_Given material_.

•••

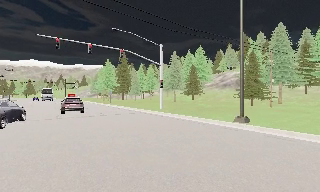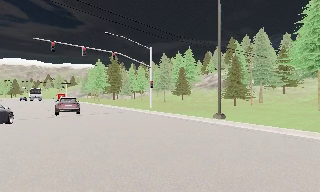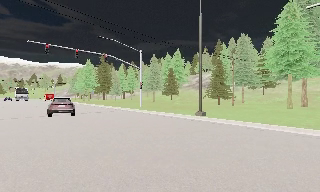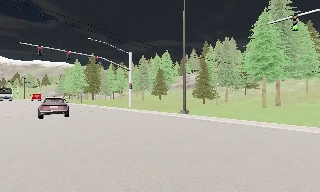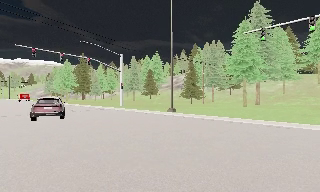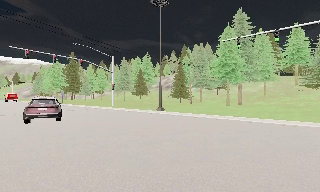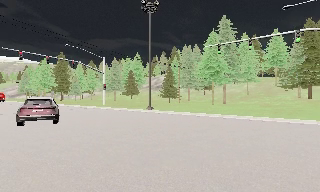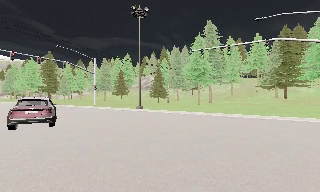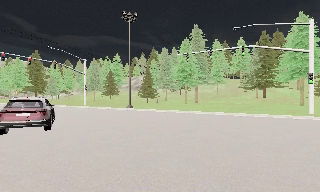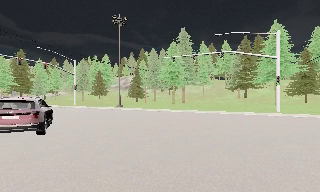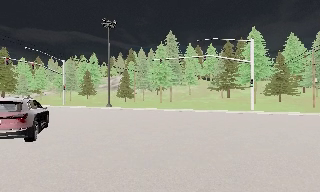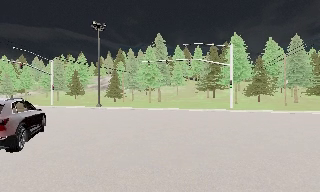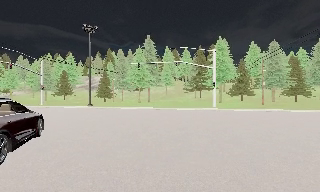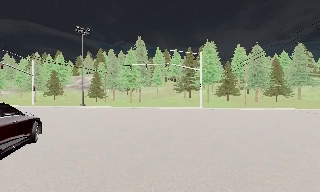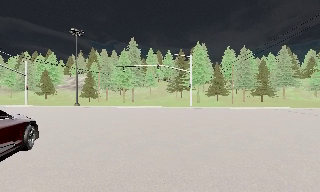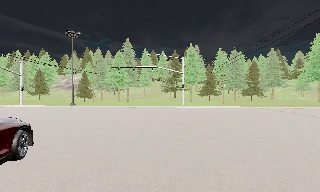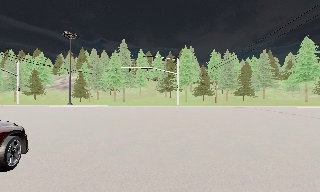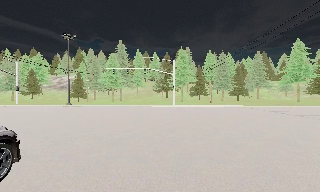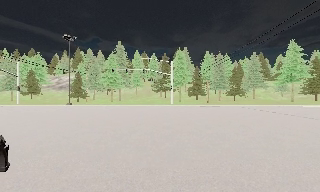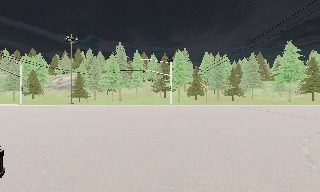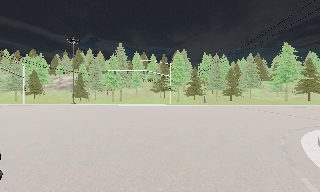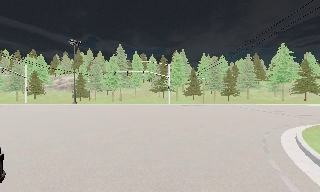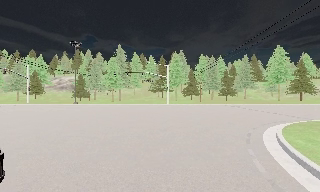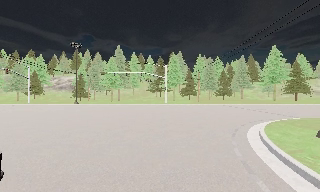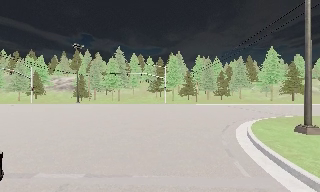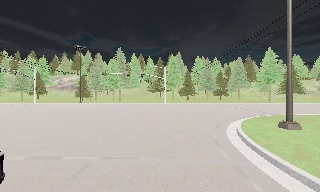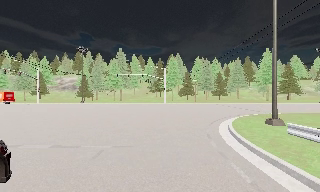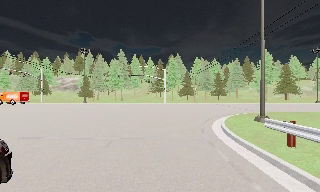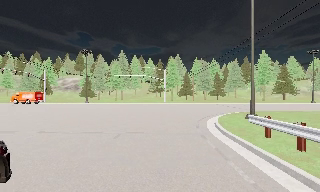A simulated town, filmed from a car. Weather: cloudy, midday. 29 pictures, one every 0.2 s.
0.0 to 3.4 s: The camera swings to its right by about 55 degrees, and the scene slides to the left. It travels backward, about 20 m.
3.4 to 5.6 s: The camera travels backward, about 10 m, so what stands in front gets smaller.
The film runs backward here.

•••

Without the pictures, print the whole listing exactly as given.

A simulated town, filmed from a car. Weather: cloudy, midday. 29 pictures, one every 0.2 s.
0.0 to 3.4 s: The camera swings to its right by about 55 degrees, and the scene slides to the left. It travels backward, about 20 m.
3.4 to 5.6 s: The camera travels backward, about 10 m, so what stands in front gets smaller.
The film runs backward here.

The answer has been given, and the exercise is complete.